Decoding a Brain Receptor Protein Could Hold Key to Safer Opioids
The very prospect of non-addictive alternatives to morphine and other opioids; safe and effective substitute painkillers is relieving.
In 2015 alone, more than 15,000 deaths were blamed on overdoses of commonly prescribed opioids, according to the U.S. Department of Health and Human Services.
As public health officials work to address the problem, scientists are laboring to develop opioid alternatives that can relieve pain without causing dependency and other adverse side effects.
Now, an international team of researchers led by those at the University of North Carolina, have solved the crystal structure of the activated kappa opioid receptor bound to a morphine derivative.
The international team captured the crystal structure of the kappa opioid receptor — critical for providing pain relief — in action on the surface of human brain cells. The researchers also made another important discovery: a new opioid-based compound that, unlike current opioids, activates only the kappa opioid receptor, raising hopes that they may develop a painkiller that has no risk of addiction and, therefore, none of the devastating consequences and side effects that accompany it.

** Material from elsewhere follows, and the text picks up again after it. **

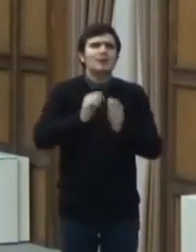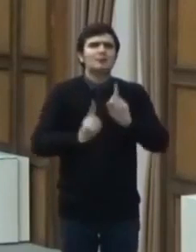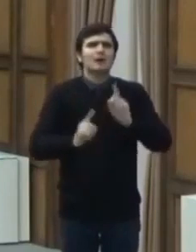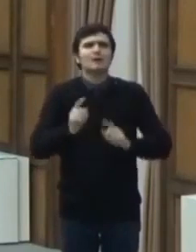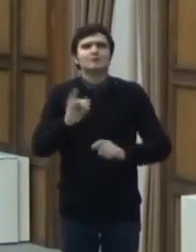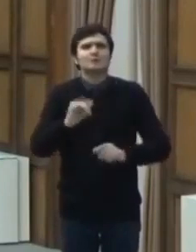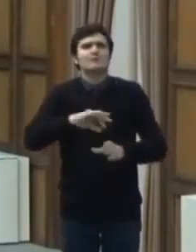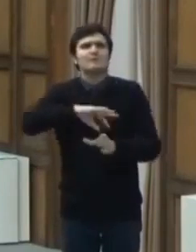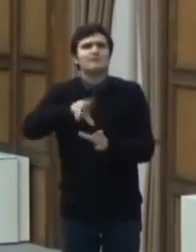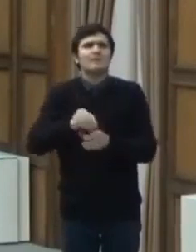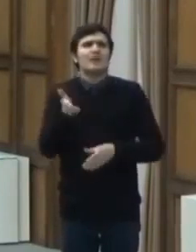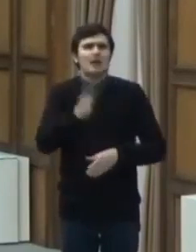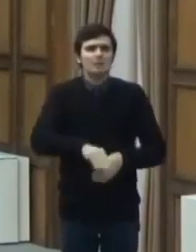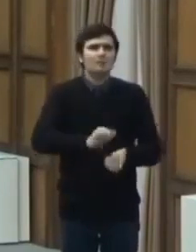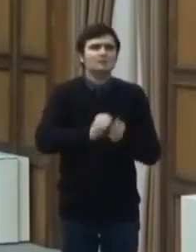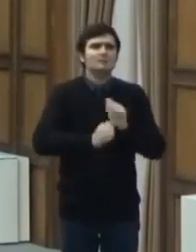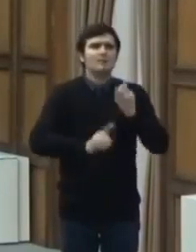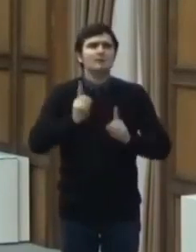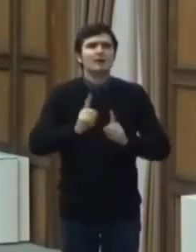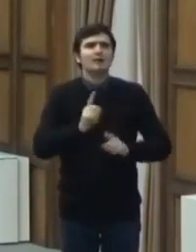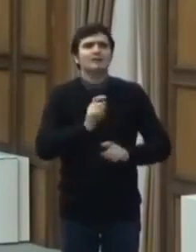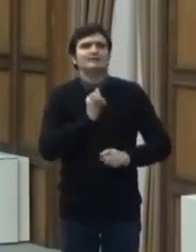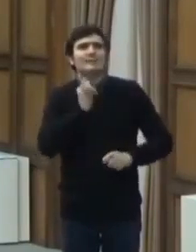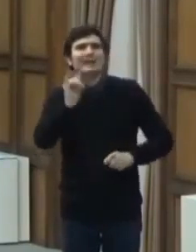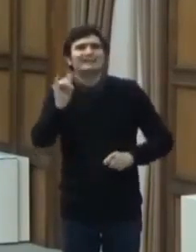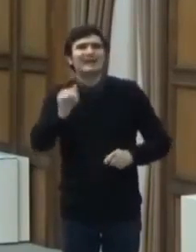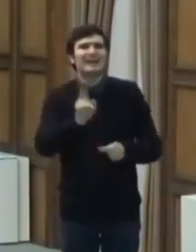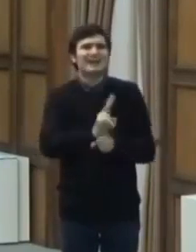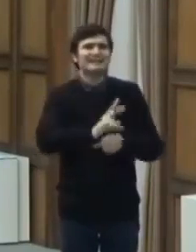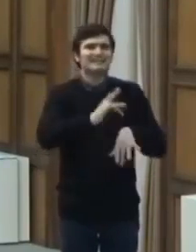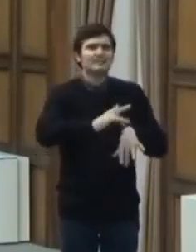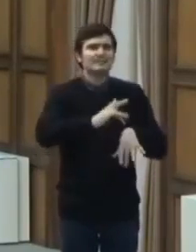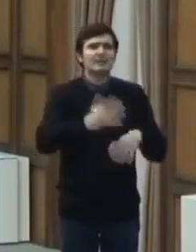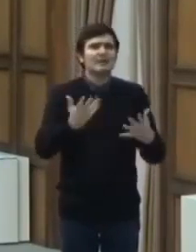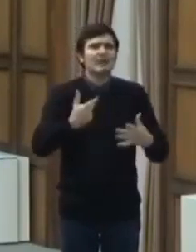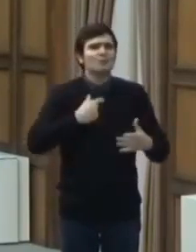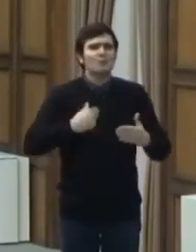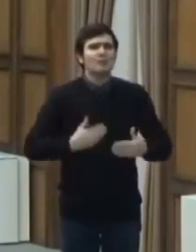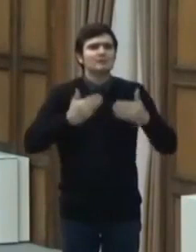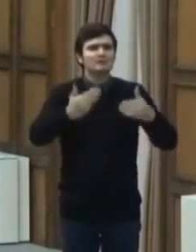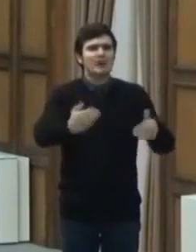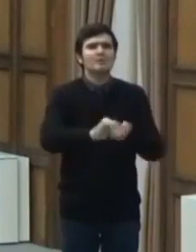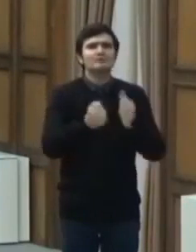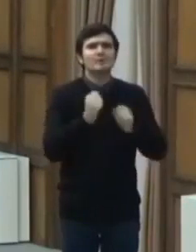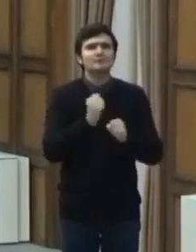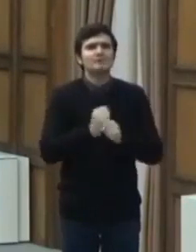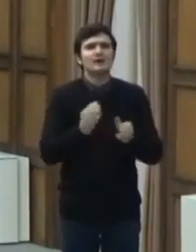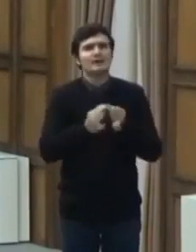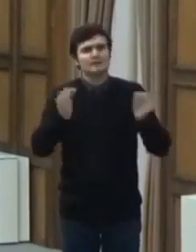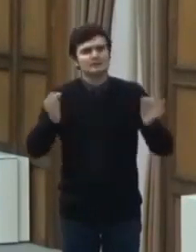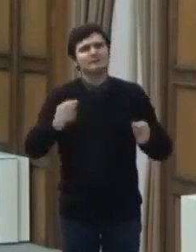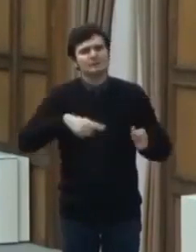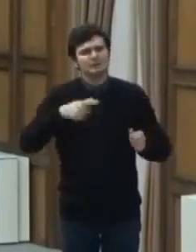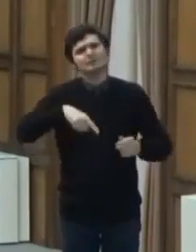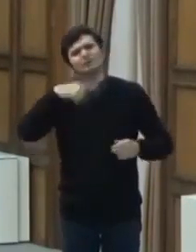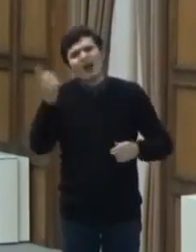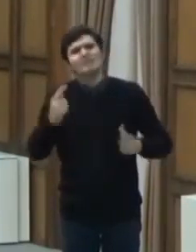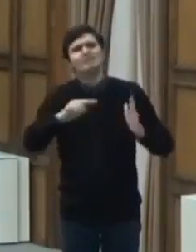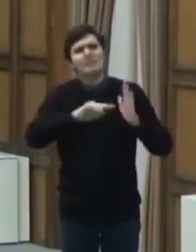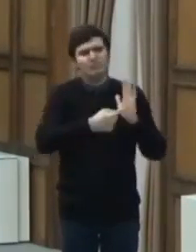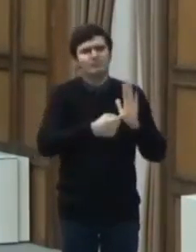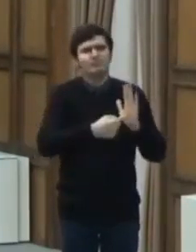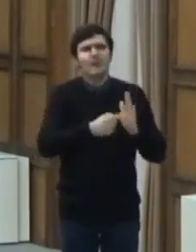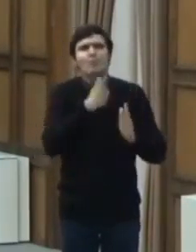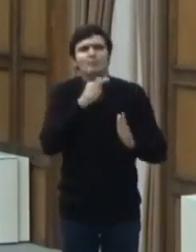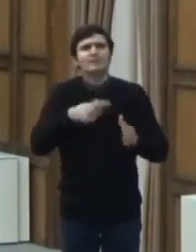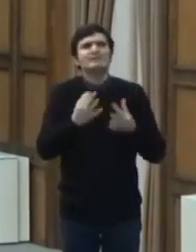familie, deplasarea pentru asistența medicală care nu poate fi amânată și nici realizată de la distanță, și mai sunt încă câteva puncte care se

Not the opioids, but opioid receptors—the proteins the drugs latch onto within the body- are
what’s at the centre of focus in an attempt to tackle the Opioid crisis. These receptors embed themselves in the walls of cells throughout the brain and peripheral nervous system. There, they serve as cellular gatekeepers, unlocking not just the painkilling properties for which opioids are prized, but the severe, addictive, and often lethal side effects.
“The idea in the field for many years has been to make an opioid that provides beneficial analgesic properties without the harmful side effects,” says pharmacologist Bryan Roth, a physician researcher at University of North Carolina School of Medicine.
Roth adds that understanding the structure of the kappa opioid receptor, and how it interacts with opioids, could help scientists develop drugs that bind only to that particular protein, resulting in far safer painkillers.
Scientists have identified four opioid receptors, which they’ve named mu, delta, kappa, and nociceptin. But drugs like fentanyl, heroin, morphine, and oxycodone are particularly fond of the mu opioid receptor- which is a problem. Because while the mu receptor facilitates these drugs’ analgesic properties, it’s also responsible for their addictive and deadly side effects.
The kappa opioid receptor doesn’t appear to have that issue. Like mu, kappa can mediate pain relief. But its side effects (namely hallucinations and dysphoria, the medical term for a general state of unease) are non-lethal. Plus, a growing body of evidence suggests that the right drug acting at the kappa receptor could trigger signaling pathways relevant to therapy, without activating those associated with sketchy side effects.
To test the theory, the team explored the structures of various molecules known to interact with the kappa opioid receptor, as well as looking at how certain molecules interact with receptors whose structure had been tinkered with.
Receptors are proteins on the surface of cells and presently, about 40 percent of drugs in the market target G-protein coupled receptors, or GPCRs, such as KORs. Typically, scientists have solved the chemical structure of proteins using a technique called x-ray crystallography. They first figure out the best way to force the protein to condense into a tightly packed crystal lattice, then shoot x-rays at the crystal, and finally calculate the protein’s structure based on how the x-ray beams change direction.
But then, it’s very difficult to do this with opioid receptors because they are so small and delicate, and they do not sit still when bound to a ligand, or drug-like compound. And the exact moment a scientist would want to see the structure of the activated receptor is when it is bound to a compound that will then cause a biological effect, like a key opening a door.
Therefore to overcome this difficulty, the team used Lipidic Cubic Phase crystallization – suspending KOR molecules in specially designed water-lipid mixtures and then slowly removing the water. Then, in order to be sure the receptors were sitting perfectly still, the researchers employed a variety of experimental tricks, including the use of a tiny antibody to “prop up” the receptor in its active state bound to a ligand – a derivative of morphine created by Sush Majumdar, PhD, at Memorial Sloan Kettering Cancer Center. In this way, they figured out this derivative called MP1104 would work after screening dozens of similar candidates from the same class of drugs.
Once they had the crystal structure in hand, the scientists were able to witness parts of the receptor which were important for binding to drug-like compounds. Collaborators at the University of Southern California led by Dr. Vsevolod Katritch used computer models of ligands to see which parts they could chemically modify to make the ligands more likely to bind tightly to KORs but not to other receptors. With those modifications made, they synthesized a new compound and showed in lab tests that it is extremely selective for KORs.
Roth said the findings allowed the team to design and produced a drug that interacted only with kappa opioid receptors – although the team note that it has only been tested in cell cultures so far.
“We have already found the structure of the inactive kappa opioid receptor highly useful for discovering potential candidates for a new painkiller,” Katritch said. “Now with the structure of the active receptor, we have a template for designing new types of pain medications that have no disruptive side effects for patients and would reduce the burden that opioid addiction has placed on society.”
However while the development holds promise for drug development, it is unlikely to provide new options in the short term; Roth notes it will be some years before such drugs are available to patients.